The software supports:
- – short-reads alignment from different input formats (fastq and gzipped fastq, SAM, BAM)
- – conversion between input formats and annotation with run metadata
- – variant calling (SNPs and indels)
- – variant post-processing, including filtering and annotation
- – deletion calling (currently only for paired-end data)
- – linkage analysis support for several different mutation mapping schemes
- – publication-quality plots of linkage data (similar to the output produced by the earlier, but now unmaintained CloudMap suite of tools)
MiModD is free and open-source (released under GPLv3) and runs under Linux and macOS (10.9 through 10.13) with minimal software requirements.
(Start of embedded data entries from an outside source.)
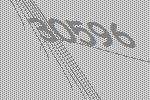
30596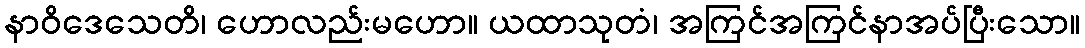
နာဝိဒေသေတိ၊ ဟောလည်းမဟော။ ယထာသုတံ၊ အကြင်အကြင်နာအပ်ပြီးသော။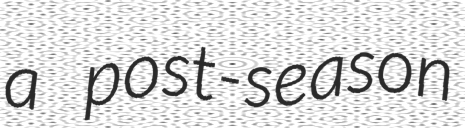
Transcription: a post-season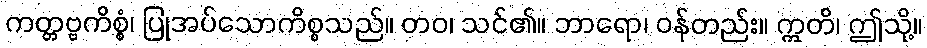
ကတ္တဗ္ဗကိစ္စံ၊ ပြုအပ်သောကိစ္စသည်။ တဝ၊ သင်၏။ ဘာရော၊ ဝန်တည်း။ ဣတိ၊ ဤသို့။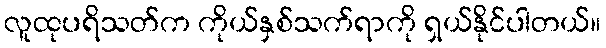
လူထုပရိသတ်က ကိုယ်နှစ်သက်ရာကို ရှယ်နိုင်ပါတယ်။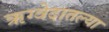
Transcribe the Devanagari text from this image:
ऋग्वेदातल्या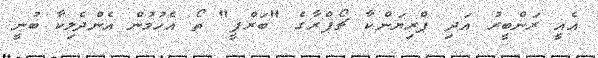
އެއީ ރަންބީރު އަދި ޕްރިޔަންކާ ޗޯޕްރާގެ "ބަރްފީ" ތޯ އެހުމުން އެންދެލިކާ ބުނީ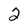
Character: 2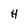
Character: H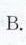
B.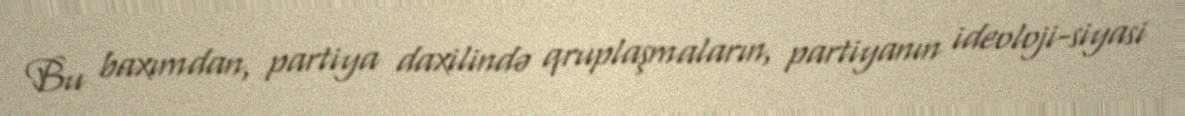
Bu baxımdan, partiya daxilində qruplaşmaların, partiyanın ideoloji-siyasi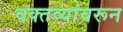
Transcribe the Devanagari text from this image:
वक्तव्यांवरून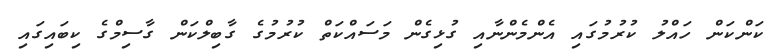
ކަންކަން ހައްލު ކުރުމުގައި އެންމެންނާއި ގުޅިގެން މަސައްކަތް ކުރުމުގެ ގާބިލްކަން ގާސިމްގެ ކިބައިގައި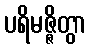
ပရိမဇ္ဇိတွာ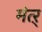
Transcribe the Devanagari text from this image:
मंत्ऱ्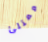
ممتلئ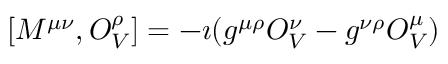
[ M ^ { \mu \nu } , O _ { V } ^ { \rho } ] = - \imath ( g ^ { \mu \rho } O _ { V } ^ { \nu } - g ^ { \nu \rho } O _ { V } ^ { \mu } )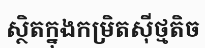
ស្ថិតក្នុងកម្រិតស៊ីថ្មតិច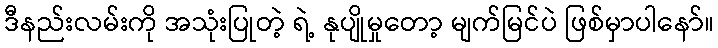
ဒီနည်းလမ်းကို အသုံးပြုတဲ့ ရဲ့ နုပျိုမှုတော့ မျက်မြင်ပဲ ဖြစ်မှာပါနော်။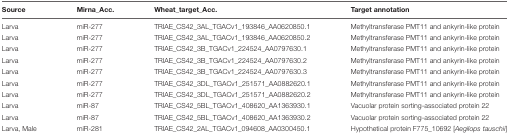
<table><thead><tr><td><b>Source</b></td><td><b>Mirna_Acc.</b></td><td><b>Wheat_target_Acc.</b></td><td><b>Target annotation</b></td></tr></thead><tbody><tr><td>Larva</td><td>miR-277</td><td>TRIAE_CS42_3AL_TGACv1_193846_AA0620850.1</td><td>Methyltransferase PMT11 and ankyrin-like protein</td></tr><tr><td>Larva</td><td>miR-277</td><td>TRIAE_CS42_3AL_TGACv1_193846_AA0620850.2</td><td>Methyltransferase PMT11 and ankyrin-like protein</td></tr><tr><td>Larva</td><td>miR-277</td><td>TRIAE_CS42_3B_TGACv1_224524_AA0797630.1</td><td>Methyltransferase PMT11 and ankyrin-like protein</td></tr><tr><td>Larva</td><td>miR-277</td><td>TRIAE_CS42_3B_TGACv1_224524_AA0797630.2</td><td>Methyltransferase PMT11 and ankyrin-like protein</td></tr><tr><td>Larva</td><td>miR-277</td><td>TRIAE_CS42_3B_TGACv1_224524_AA0797630.3</td><td>Methyltransferase PMT11 and ankyrin-like protein</td></tr><tr><td>Larva</td><td>miR-277</td><td>TRIAE_CS42_3DL_TGACv1_251571_AA0882620.1</td><td>Methyltransferase PMT11 and ankyrin-like protein</td></tr><tr><td>Larva</td><td>miR-277</td><td>TRIAE_CS42_3DL_TGACv1_251571_AA0882620.2</td><td>Methyltransferase PMT11 and ankyrin-like protein</td></tr><tr><td>Larva</td><td>miR-87</td><td>TRIAE_CS42_5BL_TGACv1_408620_AA1363930.1</td><td>Vacuolar protein sorting-associated protein 22</td></tr><tr><td>Larva</td><td>miR-87</td><td>TRIAE_CS42_5BL_TGACv1_408620_AA1363930.2</td><td>Vacuolar protein sorting-associated protein 22</td></tr><tr><td>Larva, Male</td><td>miR-281</td><td>TRIAE_CS42_2AL_TGACv1_094608_AA0300450.1</td><td>Hypothetical protein F775_10692 [<i>Aegilops tauschii</i>]</td></tr></tbody></table>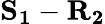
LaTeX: \mathbf{S_{1}}-\mathbf{R_{2}}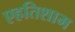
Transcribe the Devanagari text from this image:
एहतिशाम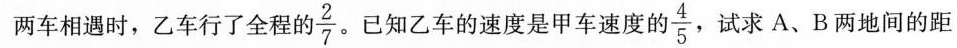
两车相遇时，乙车行了全程的 \frac{2}{7}。已知乙车的速度是甲车速度的 \frac{4}{5} 试求A、B两地间的距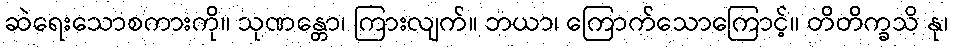
ဆဲရေးသောစကားကို။ သုဏန္တော၊ ကြားလျက်။ ဘယာ၊ ကြောက်သောကြောင့်။ တိတိက္ခသိ နု၊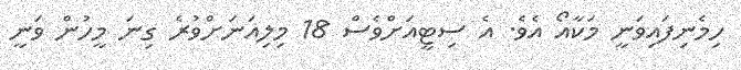
ހިމެނިފައިވަނީ މަކާއޯ އެވެ. އެ ސިޓީއަށްވެސް 18 މިލިއަނަށްވުރެ ގިނަ މީހުން ވަނީ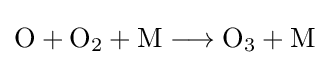
{\mathrm {O} {}+{}\mathrm {O} {\vphantom {A}}_{\smash[{t}]{2}}{}+{}\mathrm {M} {}\mathrel {\longrightarrow } {}\mathrm {O} {\vphantom {A}}_{\smash[{t}]{3}}{}+{}\mathrm {M} }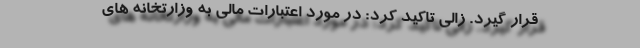
قرار گیرد. زالی تاکید کرد: در مورد اعتبارات مالی به وزارتخانه های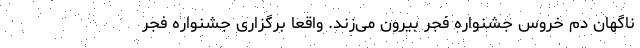
ناگهان دم خروس جشنواره فجر بیرون می‌زند. واقعا برگزاری جشنواره فجر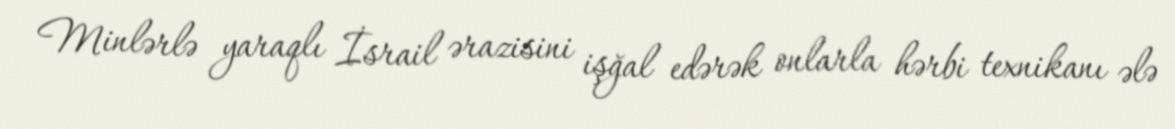
Minlərlə yaraqlı İsrail ərazisini işğal edərək onlarla hərbi texnikanı ələ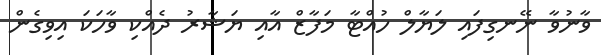
ވާނުވާ ނޭނގިފައި ލަޔާލް ހުއްޓާ މަފާޒް އާއި ޔަޝާރު ދެއްކި ވާހަކަ އިވިގެން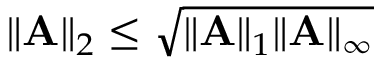
\| \mathbf { A } \| _ { 2 } \leq \sqrt { \| \mathbf { A } \| _ { 1 } \| \mathbf { A } \| _ { \infty } }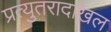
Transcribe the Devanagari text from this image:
प्रत्युतरादाखल

As a standalone package it can be used from the command line, but can also be integrated seamlessly and easily into any local installation of a Galaxy bioinformatics server providing a graphical user interface, database management of results and simple composition of analysis steps into workflows.
Alternatively, MiModD is also available through several public Galaxy servers.
Detailed information on installation, usage and hardware requirements can be found in the user guide. If you have questions that are not answered there, we will be happy to assist you.
The package source code, example datasets and other downloads are available from the project’s homepage at sourceforge.